А иногда дверь появлялась слева и когда к ней устремлялись идущие в левом ряду самоубийцы, он, если я останавливалась и наблюдала за потасовкой, нежно подталкивал рукой меня в спину и негромко говорил:
— И туда нам не стоит идти, а то эти левые так надают за то, что ты сунулся не в свой ряд… долго потом будешь плюхать носом, и потирать отбитые места… Каждый ряд должен входить в те двери, кои справа от него, и не глядеть, не покушаться на левые. Это мне сразу объяснили, не успел я сюда прийти… Помню пришел я тогда, и по неопытности решил, не разумно так, проскочить к внезапно появившейся в левой стене двери… Ох! видела бы ты, Олюсек, как мне тогда досталось от трех здоровенных таких мужиков… уж как я не отбивался, а был повален на пол и избит их ножищами… Очень я пожалел тогда, что сделал этот неверный шаг и покусился на дверь чужого ряда, потирая избитые и болевшие места.
— И никто не заступился? — спросила я, чувствуя обиду за Андрея которого так болезненно испинали, в принципе ни за что, и уже совсем позабыв как когда-то… давным давно мне досталось от него.
— Заступился, — Андрей громко засмеялся, и, покачав головой, добавил, — Олюсек, да тут никто и не заступиться… Тут ведь каждый сам за себя… Тут ведь все самоубийцы, а это значит в основном психованные.

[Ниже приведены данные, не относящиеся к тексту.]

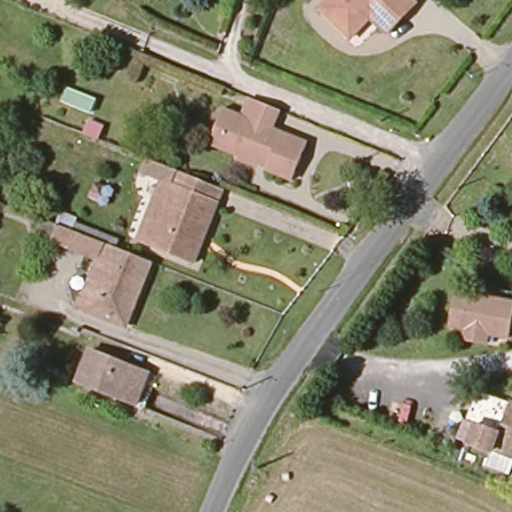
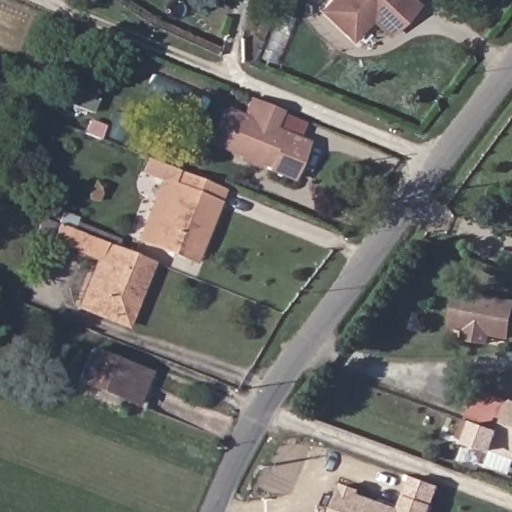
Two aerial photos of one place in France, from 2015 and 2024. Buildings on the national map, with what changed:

Да, безмолвно согласилась я с Андреем, в основном люди, кои совершают суицид психически больные. Ведь человеку свойственно чувство самосохранения, это нормальное состояние, когда человек пытается защитить себя, спасти свою жизнь подвергающуюся опасности. Люди даже идут на преступление убивая других ради себя, это естественно… естественно… это заложено в нас природой или Богом… как кому нравится. А потому не нормально, грешно, низко и глупо терять то самое естественное состояние защиты себя. И наверно на такое способны лишь психически больные люди… либо, такие как я и Андрей, которые просто не смогли справиться с жизненной ситуацией решив, что смерть все остановит. Такие люди, которые дрогнули перед очередной проблемой… дрогнули, струсили, дали слабинку… надеясь, что без борьбы все уладится смертью.
Уладится… Кхе…
Однако… нет! не уладилось, как вижу я теперь, а даже наоборот усугубилось… ухудшилось…
И теперь здесь в этом дряхлом, разваливающемся коридоре мне предстояло продолжить борьбу за себя, за дверь, за ручку от нее, чтобы… чтобы получить иное… другое и быть может новое. Теперь я должна идти вперед, рассуждая и обдумывая то, что так преступно разрушила своими руками, разрезав тонким, звенящим лезвием, переступив через труды родителей и мучительно мечтать лишь об одном, о достижении той самой отвоеванной, заветной ручки оную непременно надо удержать в своих руках.